Fungsi tersebut mencakup membantu pemulihan kekuatan militer Ukraina, pengamanan wilayah udara, serta dukungan keamanan laut, termasuk melalui operasi terbatas di dalam wilayah Ukraina. Inisiatif ini juga berkaitan dengan rencana jangka panjang untuk menjaga stabilitas pascagencatan senjata.
Berdasarkan proposal Amerika Serikat-Eropa, Ukraina akan tetap mendapat dukungan untuk mempertahankan kekuatan militernya hingga sekitar 800.000 personel.
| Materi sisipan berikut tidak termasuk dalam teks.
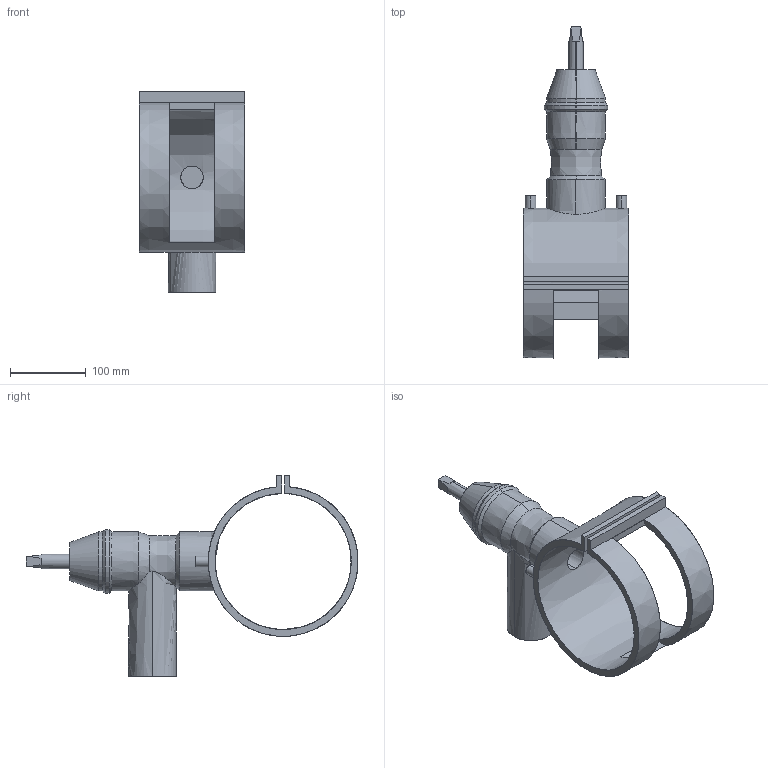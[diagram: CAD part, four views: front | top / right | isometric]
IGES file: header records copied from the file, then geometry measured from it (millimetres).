
Start section: SolidWorks IGES file using analytic representation for surfaces
Global section: file name: Ef Tapping Valve_001 117 2072 0208 - 180.igs; native system: SolidWorks 2019; preprocessor: SolidWorks 2019; author: b.celik; date: 200204.150700; units: millimetre
Bounding box: 140 x 438.95 x 265.59 mm (x, y, z)
Surface area: 270050.2 mm2 (no closed solid volume)
Topology: 0 solids, 0 shells, 77 faces, 1993 edges, 1993 vertices
Faces by surface type: revolution 47, bspline 30

Amerika Serikat akan memimpin mekanisme pemantauan dan verifikasi gencatan senjata, sementara negara-negara Eropa berkomitmen secara hukum untuk mengambil langkah-langkah pemulihan keamanan apabila terjadi serangan di masa depan.
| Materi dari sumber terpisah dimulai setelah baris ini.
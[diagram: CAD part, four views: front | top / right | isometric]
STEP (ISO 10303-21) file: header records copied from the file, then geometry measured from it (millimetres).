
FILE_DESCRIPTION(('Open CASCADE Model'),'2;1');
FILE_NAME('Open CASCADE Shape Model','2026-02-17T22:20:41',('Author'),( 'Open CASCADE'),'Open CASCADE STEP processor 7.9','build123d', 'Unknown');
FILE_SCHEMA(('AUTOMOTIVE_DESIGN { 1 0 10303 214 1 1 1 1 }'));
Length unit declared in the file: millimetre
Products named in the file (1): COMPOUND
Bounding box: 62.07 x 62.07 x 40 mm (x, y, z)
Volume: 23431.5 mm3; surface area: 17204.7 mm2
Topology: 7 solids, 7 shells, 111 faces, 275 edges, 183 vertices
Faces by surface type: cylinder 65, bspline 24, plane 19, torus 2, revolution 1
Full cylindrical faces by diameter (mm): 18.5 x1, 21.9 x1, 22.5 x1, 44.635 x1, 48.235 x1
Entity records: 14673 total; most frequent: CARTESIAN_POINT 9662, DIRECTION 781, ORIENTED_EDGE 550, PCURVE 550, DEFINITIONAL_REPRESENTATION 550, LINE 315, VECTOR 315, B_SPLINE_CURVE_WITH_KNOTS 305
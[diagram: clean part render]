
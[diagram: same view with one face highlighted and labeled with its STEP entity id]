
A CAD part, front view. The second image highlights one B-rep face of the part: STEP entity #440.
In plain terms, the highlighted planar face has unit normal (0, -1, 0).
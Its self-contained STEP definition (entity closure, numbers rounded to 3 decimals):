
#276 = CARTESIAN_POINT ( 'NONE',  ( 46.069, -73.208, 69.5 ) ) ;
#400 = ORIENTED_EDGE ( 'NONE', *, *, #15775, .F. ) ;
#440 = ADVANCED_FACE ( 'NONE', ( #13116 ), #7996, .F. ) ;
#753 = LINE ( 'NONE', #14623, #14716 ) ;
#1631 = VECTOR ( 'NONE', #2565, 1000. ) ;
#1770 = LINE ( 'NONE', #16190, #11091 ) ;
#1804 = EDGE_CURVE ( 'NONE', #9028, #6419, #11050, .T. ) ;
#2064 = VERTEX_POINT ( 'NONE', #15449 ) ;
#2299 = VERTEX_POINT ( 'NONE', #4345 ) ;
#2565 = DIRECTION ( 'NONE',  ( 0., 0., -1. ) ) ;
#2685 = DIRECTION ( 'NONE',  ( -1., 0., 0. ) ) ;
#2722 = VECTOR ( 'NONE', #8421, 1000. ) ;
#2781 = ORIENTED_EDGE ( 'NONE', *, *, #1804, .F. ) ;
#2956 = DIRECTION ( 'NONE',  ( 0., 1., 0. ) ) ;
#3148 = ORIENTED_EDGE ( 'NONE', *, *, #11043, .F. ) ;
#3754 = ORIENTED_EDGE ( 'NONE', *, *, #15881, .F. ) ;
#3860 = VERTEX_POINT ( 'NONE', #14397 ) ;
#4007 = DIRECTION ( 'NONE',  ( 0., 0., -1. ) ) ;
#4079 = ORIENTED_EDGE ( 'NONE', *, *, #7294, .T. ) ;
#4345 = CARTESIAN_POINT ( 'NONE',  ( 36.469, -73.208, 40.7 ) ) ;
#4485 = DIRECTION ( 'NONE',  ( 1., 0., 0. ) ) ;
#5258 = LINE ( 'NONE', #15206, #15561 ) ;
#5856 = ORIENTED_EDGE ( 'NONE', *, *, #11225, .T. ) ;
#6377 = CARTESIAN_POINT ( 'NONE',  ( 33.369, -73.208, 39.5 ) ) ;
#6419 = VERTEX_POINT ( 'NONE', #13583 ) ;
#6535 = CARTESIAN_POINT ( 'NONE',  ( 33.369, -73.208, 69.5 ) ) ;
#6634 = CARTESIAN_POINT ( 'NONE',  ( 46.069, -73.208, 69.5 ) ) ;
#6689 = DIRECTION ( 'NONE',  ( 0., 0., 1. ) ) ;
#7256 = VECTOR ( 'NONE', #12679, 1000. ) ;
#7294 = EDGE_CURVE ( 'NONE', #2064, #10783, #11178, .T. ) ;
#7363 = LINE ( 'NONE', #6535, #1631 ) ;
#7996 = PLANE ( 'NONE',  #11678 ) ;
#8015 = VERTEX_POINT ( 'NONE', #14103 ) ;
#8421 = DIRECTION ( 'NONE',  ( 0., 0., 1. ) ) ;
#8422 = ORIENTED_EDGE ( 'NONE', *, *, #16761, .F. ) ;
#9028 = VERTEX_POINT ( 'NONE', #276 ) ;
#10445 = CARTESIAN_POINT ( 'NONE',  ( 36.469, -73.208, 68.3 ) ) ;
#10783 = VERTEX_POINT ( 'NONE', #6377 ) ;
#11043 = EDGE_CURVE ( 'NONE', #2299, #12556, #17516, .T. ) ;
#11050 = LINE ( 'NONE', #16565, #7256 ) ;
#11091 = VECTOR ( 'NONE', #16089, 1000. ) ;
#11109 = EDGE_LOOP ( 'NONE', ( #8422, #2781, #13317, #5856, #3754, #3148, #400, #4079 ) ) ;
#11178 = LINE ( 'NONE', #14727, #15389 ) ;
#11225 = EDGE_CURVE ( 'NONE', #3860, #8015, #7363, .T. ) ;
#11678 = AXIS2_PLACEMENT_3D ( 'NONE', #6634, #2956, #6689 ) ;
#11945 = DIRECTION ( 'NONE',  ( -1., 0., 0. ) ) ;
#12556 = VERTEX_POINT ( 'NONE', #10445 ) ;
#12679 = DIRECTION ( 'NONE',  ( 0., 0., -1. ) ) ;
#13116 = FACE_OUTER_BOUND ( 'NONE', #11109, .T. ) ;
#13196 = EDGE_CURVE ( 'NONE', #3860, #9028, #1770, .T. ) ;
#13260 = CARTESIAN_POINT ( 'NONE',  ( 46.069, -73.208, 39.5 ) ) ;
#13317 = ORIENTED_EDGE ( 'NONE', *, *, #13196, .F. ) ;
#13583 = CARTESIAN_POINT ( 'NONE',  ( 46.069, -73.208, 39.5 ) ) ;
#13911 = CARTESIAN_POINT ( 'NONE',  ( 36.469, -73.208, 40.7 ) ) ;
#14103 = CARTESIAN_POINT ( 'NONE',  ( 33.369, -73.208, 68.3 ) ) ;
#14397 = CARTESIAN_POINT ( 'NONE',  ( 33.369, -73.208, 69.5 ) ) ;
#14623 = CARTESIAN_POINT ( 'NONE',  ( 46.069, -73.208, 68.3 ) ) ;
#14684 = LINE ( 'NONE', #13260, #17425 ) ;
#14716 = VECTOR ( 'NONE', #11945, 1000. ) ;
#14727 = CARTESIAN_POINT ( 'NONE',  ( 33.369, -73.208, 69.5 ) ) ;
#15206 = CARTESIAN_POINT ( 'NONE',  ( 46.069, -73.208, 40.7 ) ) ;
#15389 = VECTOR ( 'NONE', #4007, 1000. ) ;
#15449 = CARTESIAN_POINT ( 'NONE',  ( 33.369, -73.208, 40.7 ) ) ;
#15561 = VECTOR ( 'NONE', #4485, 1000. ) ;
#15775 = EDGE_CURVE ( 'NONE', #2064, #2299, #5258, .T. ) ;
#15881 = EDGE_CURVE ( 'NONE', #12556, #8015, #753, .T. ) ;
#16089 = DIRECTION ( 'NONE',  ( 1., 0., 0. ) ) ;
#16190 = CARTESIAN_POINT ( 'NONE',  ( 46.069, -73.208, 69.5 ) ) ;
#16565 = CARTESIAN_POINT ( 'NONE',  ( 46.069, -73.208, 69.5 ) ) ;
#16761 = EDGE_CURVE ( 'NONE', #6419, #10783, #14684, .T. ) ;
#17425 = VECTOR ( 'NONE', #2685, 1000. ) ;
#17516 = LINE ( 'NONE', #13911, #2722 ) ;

Selain itu, Uni Eropa menyatakan kembali komitmennya untuk mendukung proses aksesi Ukraina ke dalam blok tersebut sebagai bagian dari kerangka stabilitas jangka panjang.
Dua pejabat Amerika Serikat yang mengetahui jalannya negosiasi menyebut paket tersebut memberikan jaminan keamanan yang mereka gambarkan “setara dengan Pasal Lima NATO”, meskipun Ukraina belum menjadi anggota aliansi militer tersebut.
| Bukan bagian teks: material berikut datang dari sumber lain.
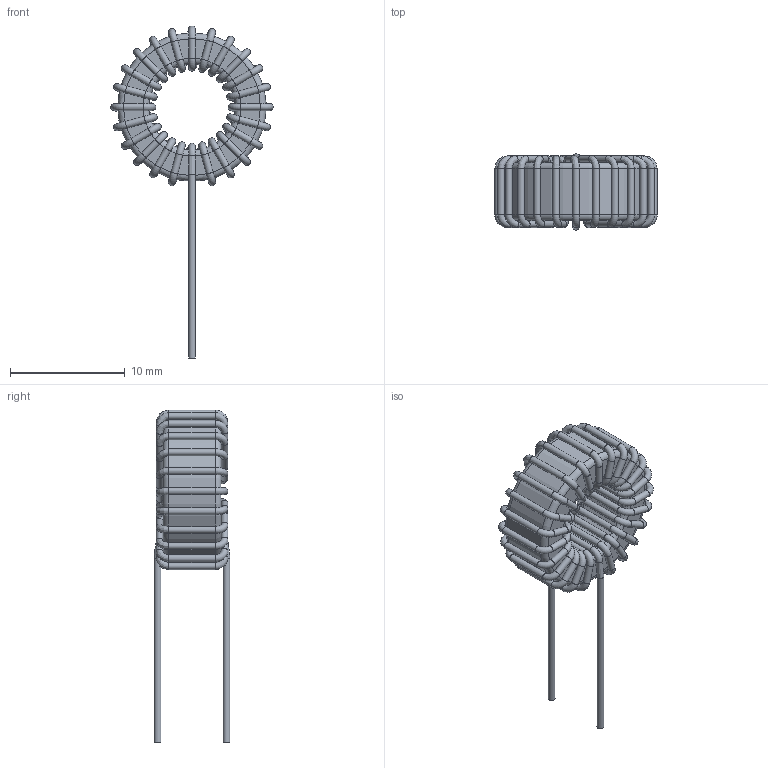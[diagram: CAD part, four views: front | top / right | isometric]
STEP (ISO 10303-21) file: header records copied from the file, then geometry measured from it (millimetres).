
FILE_DESCRIPTION(/* description */ ('Unknown'),/* implementation_level */ '2;1');
FILE_NAME(/* name */ '7447024',/* time_stamp */ '2017-08-28T13:43:20+08:00',/* author */ ('Unknown'),/* organization */ ('Unknown'),/* preprocessor_version */ 'ST-DEVELOPER v16.7',/* originating_system */ 'DEX',/* authorisation */ $);
FILE_SCHEMA (('AUTOMOTIVE_DESIGN {1 0 10303 214 3 1 1}'));
Length unit declared in the file: millimetre
Products named in the file (3): 7447024; turns; Core-T50
Assembly tree (2 placements, depth 2):
  7447024
    turns
    Core-T50
Bounding box: 14.12 x 6.6 x 28.89 mm (x, y, z)
Volume: 549.1 mm3; surface area: 1274 mm2
Topology: 2 solids, 2 shells, 201 faces, 400 edges, 203 vertices
Faces by surface type: cylinder 97, torus 51, bspline 49, plane 4
Full cylindrical faces by diameter (mm): 0.6 x95, 7.5 x1, 12.9 x1
Entity records: 9994 total; most frequent: CARTESIAN_POINT 5258, DIRECTION 710, ORIENTED_EDGE 400, EDGE_LOOP 400, FACE_BOUND 400, AXIS2_PLACEMENT_3D 355, STYLED_ITEM 201, PRESENTATION_STYLE_ASSIGNMENT 201

Pernyataan Resmi Para Pemimpin
Presiden Amerika Serikat Donald Trump mengatakan pembicaraan intensif telah dilakukan dengan berbagai pihak, termasuk Presiden Ukraina Volodymyr Zelensky. Para pemimpin Eropa, NATO, hingga Presiden Rusia Vladimir Putin.
“Kami telah melakukan banyak percakapan dengan Presiden Putin dari Rusia, dan saya pikir kami sekarang lebih dekat daripada sebelumnya,” ujar Trump kepada wartawan di Ruang Oval, Selasa (16/12/2025).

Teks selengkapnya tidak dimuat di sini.